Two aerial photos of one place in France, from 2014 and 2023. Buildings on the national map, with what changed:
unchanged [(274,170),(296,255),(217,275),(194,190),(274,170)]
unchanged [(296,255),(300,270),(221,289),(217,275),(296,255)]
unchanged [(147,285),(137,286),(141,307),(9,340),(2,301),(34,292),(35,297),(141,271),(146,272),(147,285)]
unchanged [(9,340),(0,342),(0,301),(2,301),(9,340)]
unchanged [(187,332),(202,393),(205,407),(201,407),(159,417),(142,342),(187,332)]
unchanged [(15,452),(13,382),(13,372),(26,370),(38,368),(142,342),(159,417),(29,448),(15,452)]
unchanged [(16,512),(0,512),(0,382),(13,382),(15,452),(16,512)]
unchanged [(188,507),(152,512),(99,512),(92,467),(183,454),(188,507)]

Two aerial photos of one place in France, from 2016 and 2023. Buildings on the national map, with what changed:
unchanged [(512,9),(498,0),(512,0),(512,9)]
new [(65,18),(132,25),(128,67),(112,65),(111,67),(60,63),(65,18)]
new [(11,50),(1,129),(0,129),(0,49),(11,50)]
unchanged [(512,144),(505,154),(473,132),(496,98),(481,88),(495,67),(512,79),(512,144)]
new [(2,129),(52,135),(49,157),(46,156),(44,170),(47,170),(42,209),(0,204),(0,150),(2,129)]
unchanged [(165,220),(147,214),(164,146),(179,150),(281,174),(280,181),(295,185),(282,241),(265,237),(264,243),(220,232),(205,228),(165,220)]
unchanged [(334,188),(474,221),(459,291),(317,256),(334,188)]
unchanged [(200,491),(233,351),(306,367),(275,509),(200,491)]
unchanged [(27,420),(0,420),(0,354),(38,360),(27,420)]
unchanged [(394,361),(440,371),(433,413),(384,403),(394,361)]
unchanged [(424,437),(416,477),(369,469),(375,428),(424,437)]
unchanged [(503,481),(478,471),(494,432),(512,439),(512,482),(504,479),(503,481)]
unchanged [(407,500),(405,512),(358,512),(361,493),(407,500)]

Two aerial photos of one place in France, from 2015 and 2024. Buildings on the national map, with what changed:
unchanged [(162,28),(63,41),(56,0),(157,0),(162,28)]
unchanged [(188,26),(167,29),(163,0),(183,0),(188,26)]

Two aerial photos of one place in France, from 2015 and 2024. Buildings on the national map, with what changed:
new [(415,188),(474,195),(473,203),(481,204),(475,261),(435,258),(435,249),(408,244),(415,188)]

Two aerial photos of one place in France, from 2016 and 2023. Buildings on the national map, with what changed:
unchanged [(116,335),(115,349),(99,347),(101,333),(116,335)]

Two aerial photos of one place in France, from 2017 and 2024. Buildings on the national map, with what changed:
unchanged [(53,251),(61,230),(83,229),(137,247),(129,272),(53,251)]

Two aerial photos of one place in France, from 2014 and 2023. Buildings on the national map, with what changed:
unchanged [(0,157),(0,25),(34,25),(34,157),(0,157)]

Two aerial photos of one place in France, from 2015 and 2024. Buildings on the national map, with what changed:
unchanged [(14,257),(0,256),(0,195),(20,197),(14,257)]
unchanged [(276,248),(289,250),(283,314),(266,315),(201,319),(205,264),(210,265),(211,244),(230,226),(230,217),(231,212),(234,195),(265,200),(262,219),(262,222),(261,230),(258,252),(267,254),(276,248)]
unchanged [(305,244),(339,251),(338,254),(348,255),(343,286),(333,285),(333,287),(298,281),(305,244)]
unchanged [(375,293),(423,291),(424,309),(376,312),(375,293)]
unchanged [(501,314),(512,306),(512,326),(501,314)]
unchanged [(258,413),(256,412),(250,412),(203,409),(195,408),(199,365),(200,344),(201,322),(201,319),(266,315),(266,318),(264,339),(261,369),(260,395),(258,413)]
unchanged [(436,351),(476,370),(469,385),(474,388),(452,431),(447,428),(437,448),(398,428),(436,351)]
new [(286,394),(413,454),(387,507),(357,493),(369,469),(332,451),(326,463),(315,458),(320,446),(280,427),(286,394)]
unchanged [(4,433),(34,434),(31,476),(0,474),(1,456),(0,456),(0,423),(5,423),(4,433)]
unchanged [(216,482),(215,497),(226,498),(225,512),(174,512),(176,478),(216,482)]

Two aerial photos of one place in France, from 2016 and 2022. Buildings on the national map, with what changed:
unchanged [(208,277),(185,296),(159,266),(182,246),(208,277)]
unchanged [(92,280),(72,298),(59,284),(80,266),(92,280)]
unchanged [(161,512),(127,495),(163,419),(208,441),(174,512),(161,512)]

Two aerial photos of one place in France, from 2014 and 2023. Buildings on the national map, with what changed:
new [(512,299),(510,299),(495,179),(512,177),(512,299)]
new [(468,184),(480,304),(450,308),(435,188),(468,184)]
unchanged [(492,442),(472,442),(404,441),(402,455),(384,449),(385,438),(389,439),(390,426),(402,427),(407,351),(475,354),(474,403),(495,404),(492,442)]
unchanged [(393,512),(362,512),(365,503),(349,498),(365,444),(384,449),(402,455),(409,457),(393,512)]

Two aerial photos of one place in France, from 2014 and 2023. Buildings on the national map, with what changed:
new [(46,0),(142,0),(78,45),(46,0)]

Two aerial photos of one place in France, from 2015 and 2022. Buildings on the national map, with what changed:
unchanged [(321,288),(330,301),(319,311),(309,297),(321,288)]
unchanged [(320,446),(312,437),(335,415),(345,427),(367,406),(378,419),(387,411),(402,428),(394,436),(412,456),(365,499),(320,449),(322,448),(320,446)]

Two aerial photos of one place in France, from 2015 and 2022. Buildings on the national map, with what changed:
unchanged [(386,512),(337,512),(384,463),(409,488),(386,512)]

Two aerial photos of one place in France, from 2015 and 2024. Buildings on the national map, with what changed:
----------
* [WHAT YOU WILL DO]: Please print out every entry again, exactly as it reads.

* [OUTPUT FOR THIS TASK]:
Two aerial photos of one place in France, from 2014 and 2023. Buildings on the national map, with what changed:
unchanged [(274,170),(296,255),(217,275),(194,190),(274,170)]
unchanged [(296,255),(300,270),(221,289),(217,275),(296,255)]
unchanged [(147,285),(137,286),(141,307),(9,340),(2,301),(34,292),(35,297),(141,271),(146,272),(147,285)]
unchanged [(9,340),(0,342),(0,301),(2,301),(9,340)]
unchanged [(187,332),(202,393),(205,407),(201,407),(159,417),(142,342),(187,332)]
unchanged [(15,452),(13,382),(13,372),(26,370),(38,368),(142,342),(159,417),(29,448),(15,452)]
unchanged [(16,512),(0,512),(0,382),(13,382),(15,452),(16,512)]
unchanged [(188,507),(152,512),(99,512),(92,467),(183,454),(188,507)]

Two aerial photos of one place in France, from 2016 and 2023. Buildings on the national map, with what changed:
unchanged [(512,9),(498,0),(512,0),(512,9)]
new [(65,18),(132,25),(128,67),(112,65),(111,67),(60,63),(65,18)]
new [(11,50),(1,129),(0,129),(0,49),(11,50)]
unchanged [(512,144),(505,154),(473,132),(496,98),(481,88),(495,67),(512,79),(512,144)]
new [(2,129),(52,135),(49,157),(46,156),(44,170),(47,170),(42,209),(0,204),(0,150),(2,129)]
unchanged [(165,220),(147,214),(164,146),(179,150),(281,174),(280,181),(295,185),(282,241),(265,237),(264,243),(220,232),(205,228),(165,220)]
unchanged [(334,188),(474,221),(459,291),(317,256),(334,188)]
unchanged [(200,491),(233,351),(306,367),(275,509),(200,491)]
unchanged [(27,420),(0,420),(0,354),(38,360),(27,420)]
unchanged [(394,361),(440,371),(433,413),(384,403),(394,361)]
unchanged [(424,437),(416,477),(369,469),(375,428),(424,437)]
unchanged [(503,481),(478,471),(494,432),(512,439),(512,482),(504,479),(503,481)]
unchanged [(407,500),(405,512),(358,512),(361,493),(407,500)]

Two aerial photos of one place in France, from 2015 and 2024. Buildings on the national map, with what changed:
unchanged [(162,28),(63,41),(56,0),(157,0),(162,28)]
unchanged [(188,26),(167,29),(163,0),(183,0),(188,26)]

Two aerial photos of one place in France, from 2015 and 2024. Buildings on the national map, with what changed:
new [(415,188),(474,195),(473,203),(481,204),(475,261),(435,258),(435,249),(408,244),(415,188)]

Two aerial photos of one place in France, from 2016 and 2023. Buildings on the national map, with what changed:
unchanged [(116,335),(115,349),(99,347),(101,333),(116,335)]

Two aerial photos of one place in France, from 2017 and 2024. Buildings on the national map, with what changed:
unchanged [(53,251),(61,230),(83,229),(137,247),(129,272),(53,251)]

Two aerial photos of one place in France, from 2014 and 2023. Buildings on the national map, with what changed:
unchanged [(0,157),(0,25),(34,25),(34,157),(0,157)]

Two aerial photos of one place in France, from 2015 and 2024. Buildings on the national map, with what changed:
unchanged [(14,257),(0,256),(0,195),(20,197),(14,257)]
unchanged [(276,248),(289,250),(283,314),(266,315),(201,319),(205,264),(210,265),(211,244),(230,226),(230,217),(231,212),(234,195),(265,200),(262,219),(262,222),(261,230),(258,252),(267,254),(276,248)]
unchanged [(305,244),(339,251),(338,254),(348,255),(343,286),(333,285),(333,287),(298,281),(305,244)]
unchanged [(375,293),(423,291),(424,309),(376,312),(375,293)]
unchanged [(501,314),(512,306),(512,326),(501,314)]
unchanged [(258,413),(256,412),(250,412),(203,409),(195,408),(199,365),(200,344),(201,322),(201,319),(266,315),(266,318),(264,339),(261,369),(260,395),(258,413)]
unchanged [(436,351),(476,370),(469,385),(474,388),(452,431),(447,428),(437,448),(398,428),(436,351)]
new [(286,394),(413,454),(387,507),(357,493),(369,469),(332,451),(326,463),(315,458),(320,446),(280,427),(286,394)]
unchanged [(4,433),(34,434),(31,476),(0,474),(1,456),(0,456),(0,423),(5,423),(4,433)]
unchanged [(216,482),(215,497),(226,498),(225,512),(174,512),(176,478),(216,482)]

Two aerial photos of one place in France, from 2016 and 2022. Buildings on the national map, with what changed:
unchanged [(208,277),(185,296),(159,266),(182,246),(208,277)]
unchanged [(92,280),(72,298),(59,284),(80,266),(92,280)]
unchanged [(161,512),(127,495),(163,419),(208,441),(174,512),(161,512)]

Two aerial photos of one place in France, from 2014 and 2023. Buildings on the national map, with what changed:
new [(512,299),(510,299),(495,179),(512,177),(512,299)]
new [(468,184),(480,304),(450,308),(435,188),(468,184)]
unchanged [(492,442),(472,442),(404,441),(402,455),(384,449),(385,438),(389,439),(390,426),(402,427),(407,351),(475,354),(474,403),(495,404),(492,442)]
unchanged [(393,512),(362,512),(365,503),(349,498),(365,444),(384,449),(402,455),(409,457),(393,512)]

Two aerial photos of one place in France, from 2014 and 2023. Buildings on the national map, with what changed:
new [(46,0),(142,0),(78,45),(46,0)]

Two aerial photos of one place in France, from 2015 and 2022. Buildings on the national map, with what changed:
unchanged [(321,288),(330,301),(319,311),(309,297),(321,288)]
unchanged [(320,446),(312,437),(335,415),(345,427),(367,406),(378,419),(387,411),(402,428),(394,436),(412,456),(365,499),(320,449),(322,448),(320,446)]

Two aerial photos of one place in France, from 2015 and 2022. Buildings on the national map, with what changed:
unchanged [(386,512),(337,512),(384,463),(409,488),(386,512)]

Two aerial photos of one place in France, from 2015 and 2024. Buildings on the national map, with what changed:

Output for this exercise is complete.